TASK OBJECTIVE> This exercise calls for retyping every line below exactly, with the images omitted.
☆ ☆ ☆
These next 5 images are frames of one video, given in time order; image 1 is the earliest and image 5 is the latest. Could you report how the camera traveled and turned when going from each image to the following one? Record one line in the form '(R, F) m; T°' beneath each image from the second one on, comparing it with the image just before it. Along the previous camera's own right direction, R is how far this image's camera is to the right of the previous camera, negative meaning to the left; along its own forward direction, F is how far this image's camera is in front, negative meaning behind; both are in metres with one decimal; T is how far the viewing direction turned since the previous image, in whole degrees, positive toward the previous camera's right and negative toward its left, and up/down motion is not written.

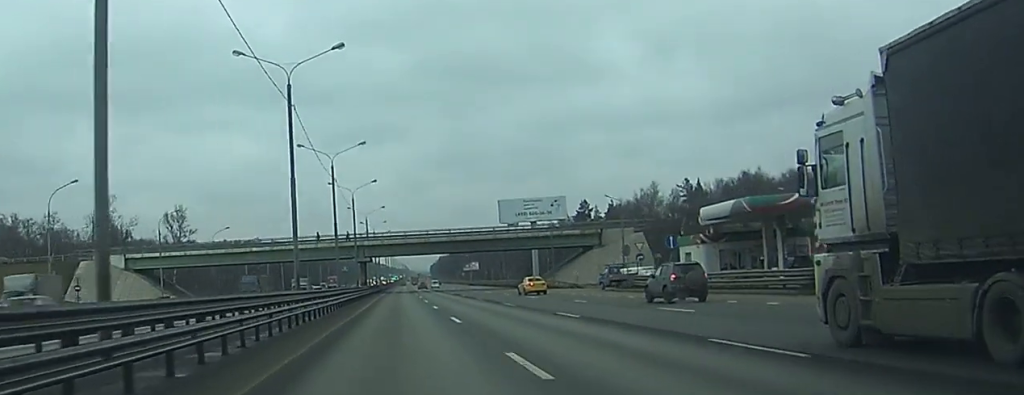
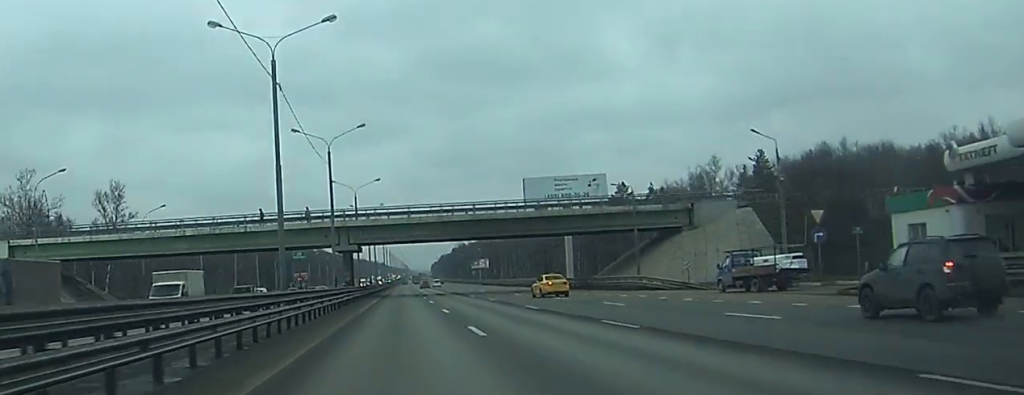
(+0.1, +44.2) m; 0°
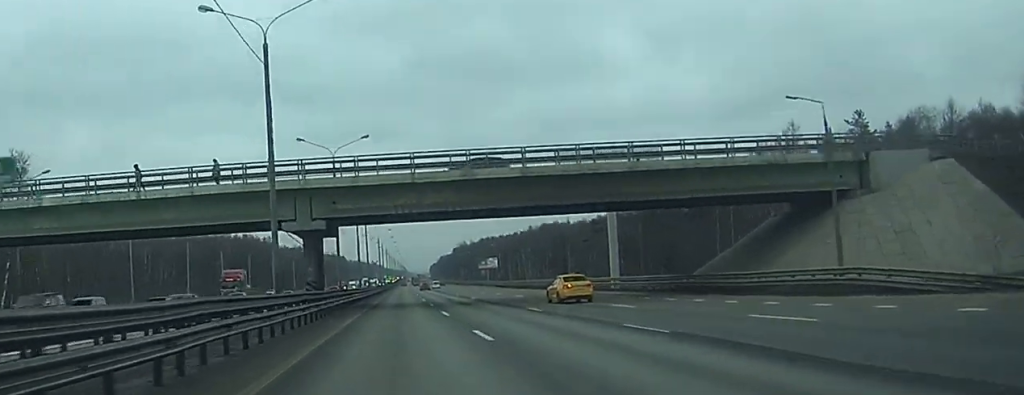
(0.0, +36.1) m; 0°
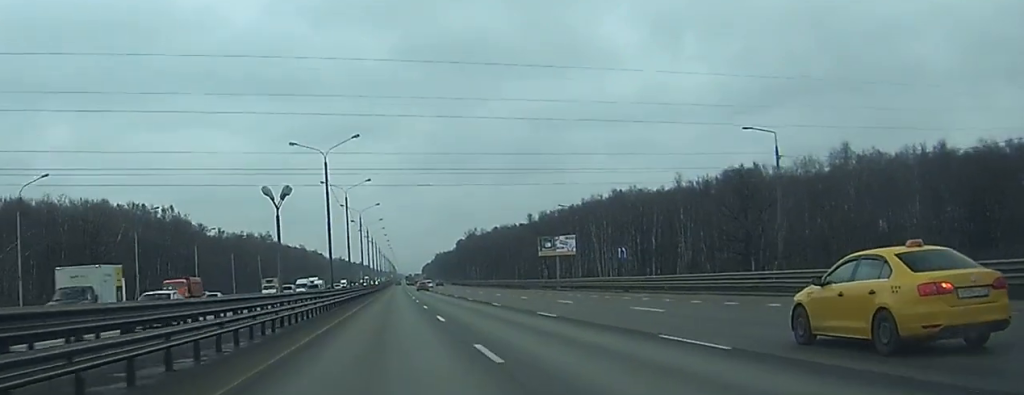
(+0.8, +133.6) m; +1°
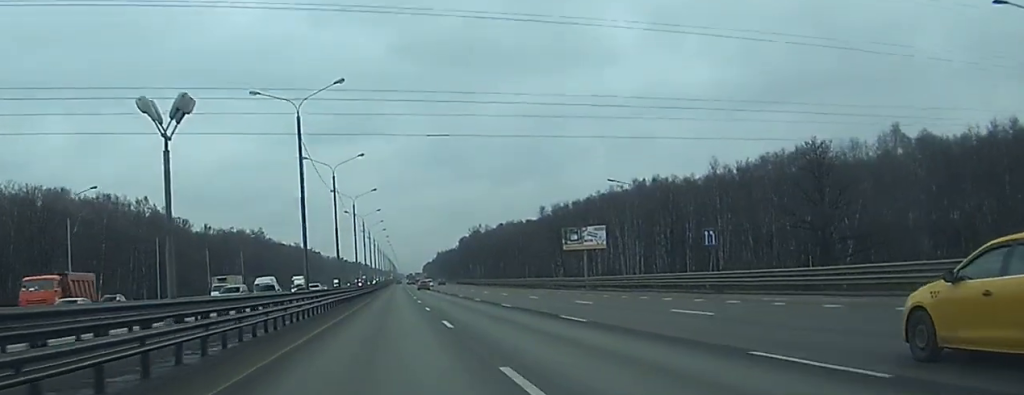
(0.0, +21.0) m; 0°
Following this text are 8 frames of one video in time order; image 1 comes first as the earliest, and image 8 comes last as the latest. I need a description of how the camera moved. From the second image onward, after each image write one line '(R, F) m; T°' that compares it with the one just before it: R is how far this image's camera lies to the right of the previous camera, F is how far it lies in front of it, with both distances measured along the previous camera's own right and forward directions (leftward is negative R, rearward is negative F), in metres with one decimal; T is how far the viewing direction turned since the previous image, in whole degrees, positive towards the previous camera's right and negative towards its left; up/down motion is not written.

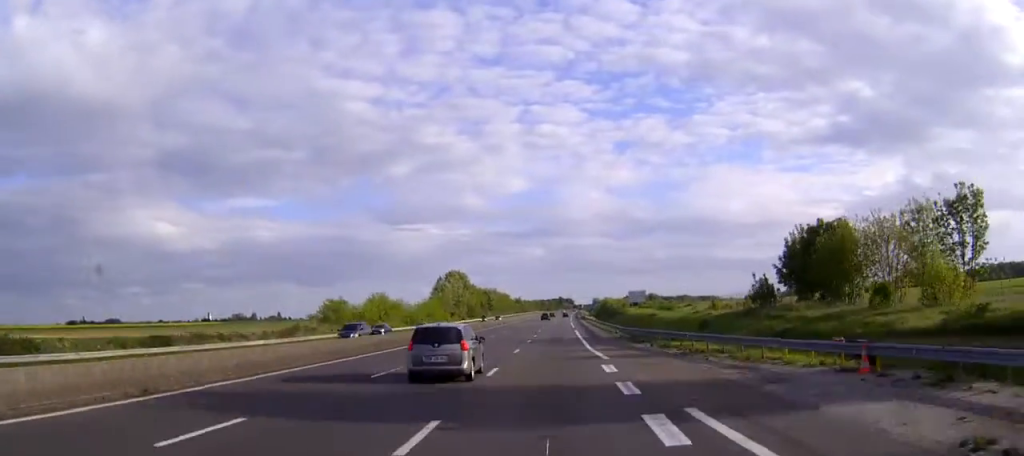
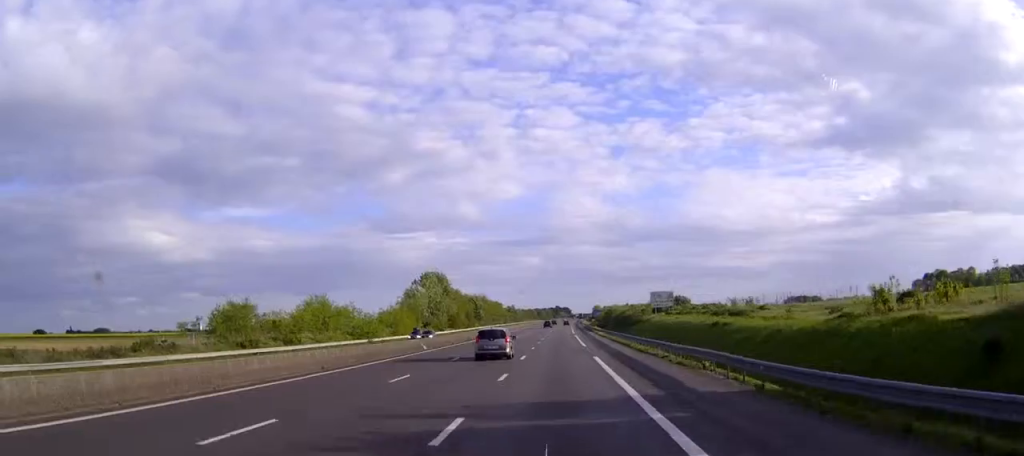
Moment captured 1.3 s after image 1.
(0.0, +37.6) m; 0°
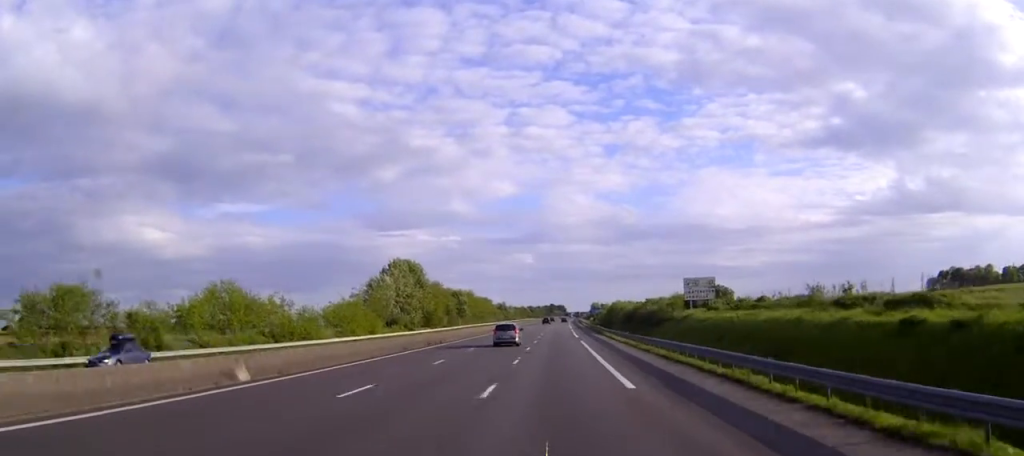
☆ ☆ ☆
EXERCISE OUTPUT>
These next 5 images are frames of one video, given in time order; image 1 is the earliest and image 5 is the latest. Could you report how the camera traveled and turned when going from each image to the following one? Record one line in the form '(R, F) m; T°' beneath each image from the second one on, comparing it with the image just before it. Along the previous camera's own right direction, R is how far this image's camera is to the right of the previous camera, negative meaning to the left; along its own forward direction, F is how far this image's camera is in front, negative meaning behind; both are in metres with one decimal; T is how far the viewing direction turned since the previous image, in whole degrees, positive toward the previous camera's right and negative toward its left, and up/down motion is not written.

(+0.1, +44.2) m; 0°
(0.0, +36.1) m; 0°
(+0.8, +133.6) m; +1°
(0.0, +21.0) m; 0°
Following this text are 8 frames of one video in time order; image 1 comes first as the earliest, and image 8 comes last as the latest. I need a description of how the camera moved. From the second image onward, after each image write one line '(R, F) m; T°' that compares it with the one just before it: R is how far this image's camera lies to the right of the previous camera, F is how far it lies in front of it, with both distances measured along the previous camera's own right and forward directions (leftward is negative R, rearward is negative F), in metres with one decimal; T is how far the viewing direction turned since the previous image, in whole degrees, positive towards the previous camera's right and negative towards its left; up/down motion is not written.

Moment captured 1.3 s after image 1.
(0.0, +37.6) m; 0°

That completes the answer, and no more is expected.